I feel like I'm taking crazy pills sometimes. You have a file with a set of snippets and you prefer to ask the AI to hopefully run them instead of just running it yourself?

lreeves · 2 months ago

The commands aren't the special sauce, it's the analytical capabilities of the LLM to view the outputs of all those commands and correlate data or whatever. You could accomplish the same by prefilling a gigantic context window with all the logs but when the commands are presented ahead of time the LLM can "decide" which one to run based on what it needs to do.

mritchie712 · 2 months ago

the snippets are examples. You can ask hundreds of variations of similar, but different, complex questions and the LLM can adjust the example for that need.

I don't have a snippet for, "find all 500's for the meltano service for duckdb syntax errors", but it'd easily nail that given the existing examples.

light_hue_1 · 2 months ago

Yes. I'm not the poster but I do something similar.

Because now the capabilities of the model grow over time. And I can ask questions that involve a handful of those snippets. When we get to something new that requires some doing, it becomes another snippet.

I can offload everything I used to know about an API and never have to think about it again.

theshrike79 · 2 months ago

The AI will run whatever command it figures out might work, which might be wasteful and taint the context with useless crap.

But when you give it tools for retrieving all client+server logs combined (for a web application), it can use it and just get what it needs as simply as possible.

Or it'll start finding a function by digging around code files with grep, if you provide a tool that just lists all functions, their parameters and locations, it'll find the exact spot in one go.

qazxcvbnmlp · 2 months ago

You dont ask the ai to run the commands. you say "build and test this feature" and then the AI correctly iterates back and forth between the build and test commands until the thing works.

lsaferite · 2 months ago

Just as a related aside, you could literally make that bottom section into a super simple stdio MCP Server and attach that to Claude Code. Each of your operations could be a tool and have a well-defined schema for parameters. Then you are giving the LLM a more structured and defined way to access your custom commands. I'm pretty positive there are even pre-made MCP Servers that are designed for just this activity.

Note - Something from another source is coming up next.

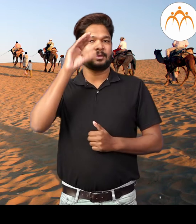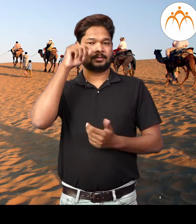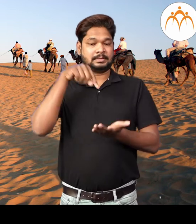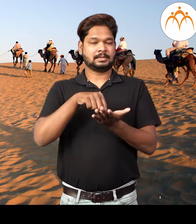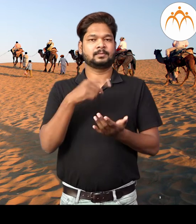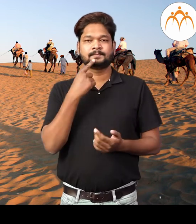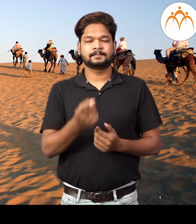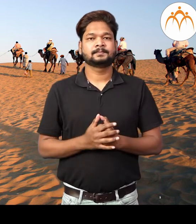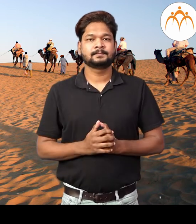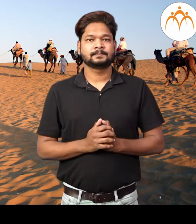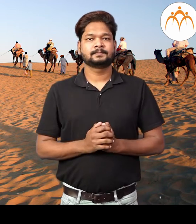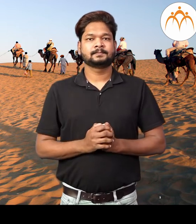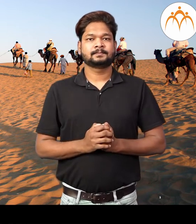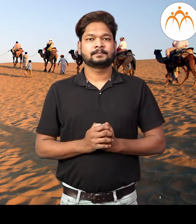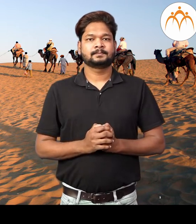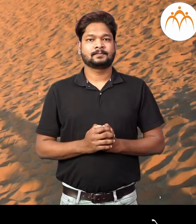अभ्यास करू

Edit: First result when looking for such an MCP Server: https://github.com/inercia/MCPShell

theshrike79 · 2 months ago

The problem with MCP is that it's not composeable.

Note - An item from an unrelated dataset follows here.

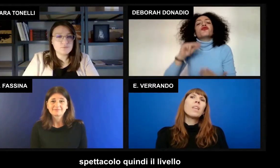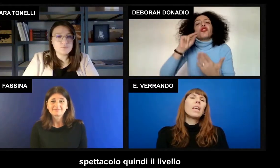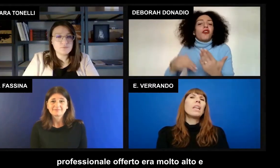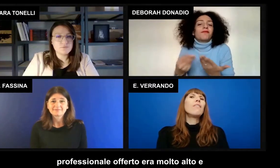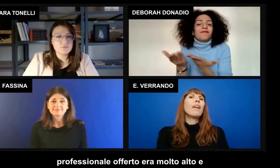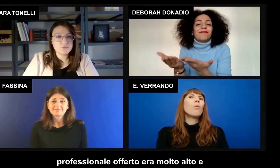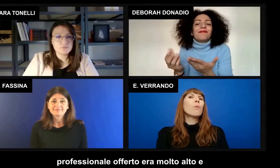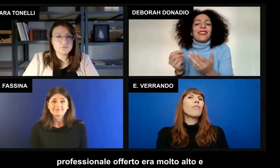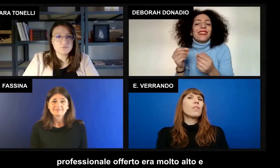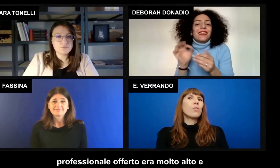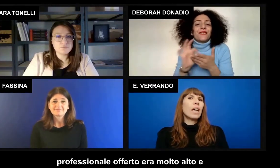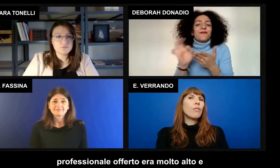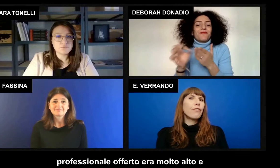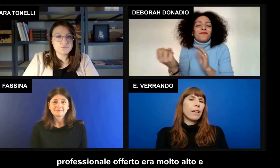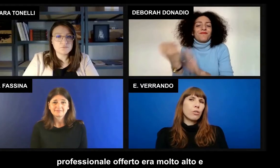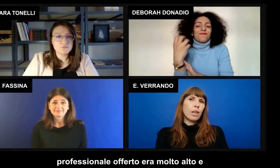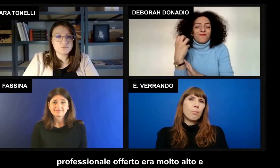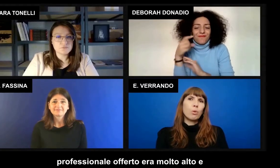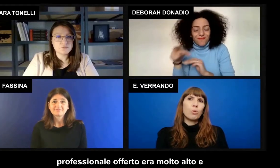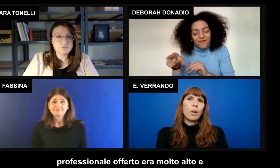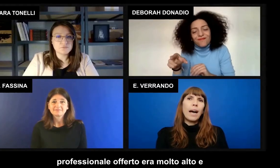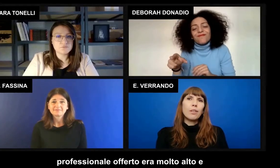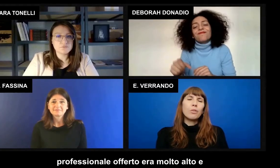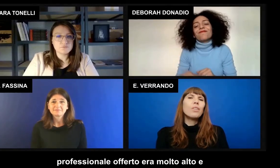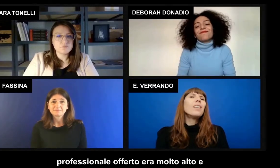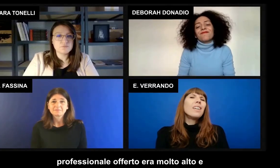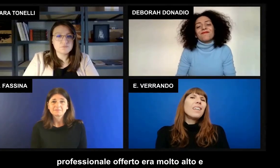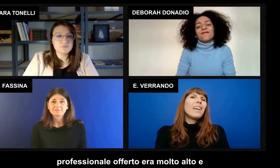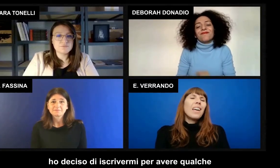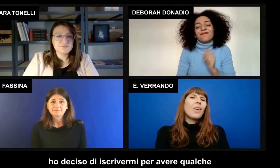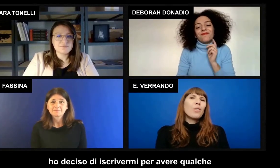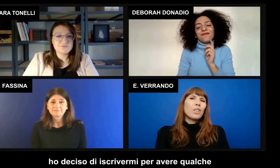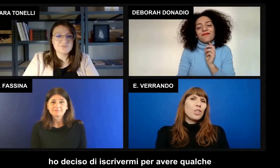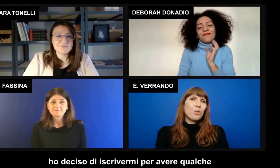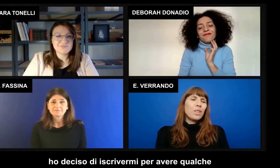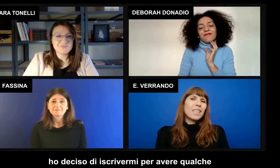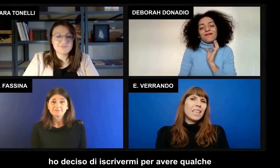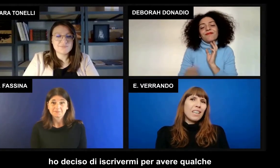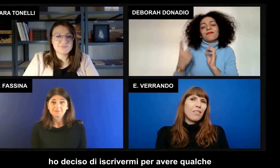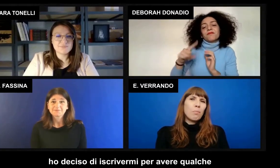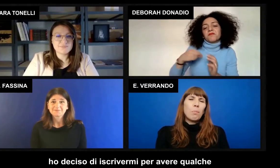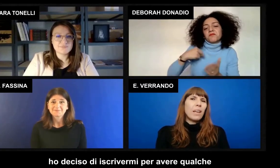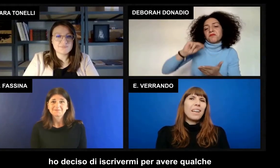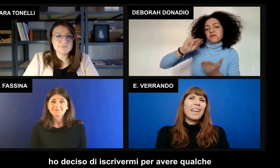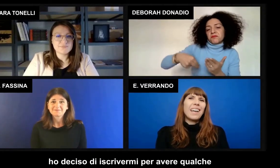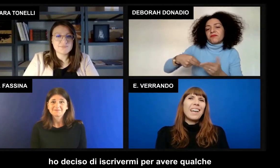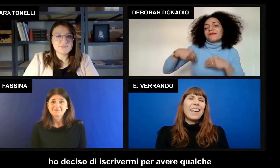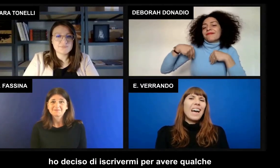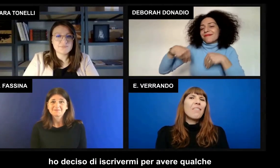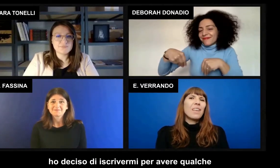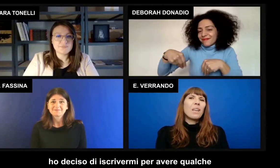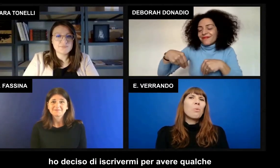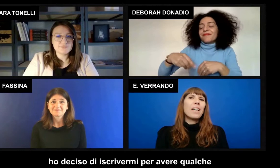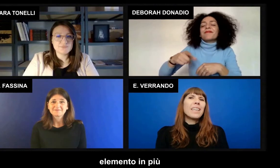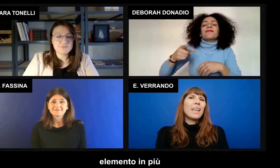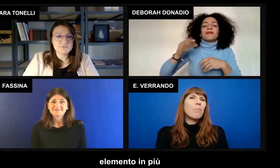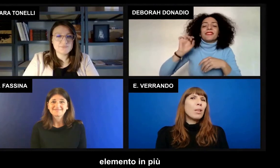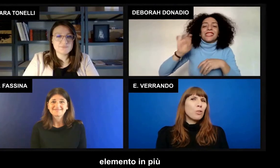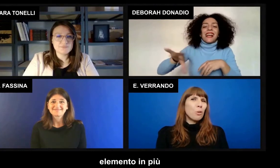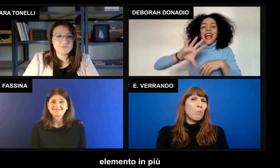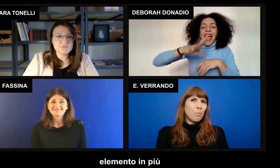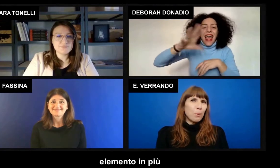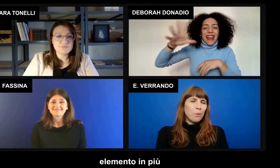quindi il livello professionale offerto era molto alto. E ho deciso di iscrivermi per avere qualche

With separate tools or command snippets the LLM can run one command, feed the result to another command and grep that result for whatever it needs. One composed command or script and it gets exactly what it needed.

With MCPs it'd need to run every command separately, spending precious context for shuffling data from MCP tool to another.

gbrindisi · 2 months ago

wouldn't this defeat the point? Claude Code already has access to the terminal, adding specific instruction in the context is enough

chriswarbo · 2 months ago

I use a similar file, but just for myself (I've never used an LLM "agent"). I live in Emacs, but this is the only thing I use org-mode for: it lets me fold/unfold the sections, and I can press C-c C-c over any of the code snippets to execute it. Some of them are shell code, some of them are Emacs Lisp code which generates shell code, etc.

stpedgwdgfhgdd · 2 months ago

I do something similar, but the problem is that claude.md keeps on growing.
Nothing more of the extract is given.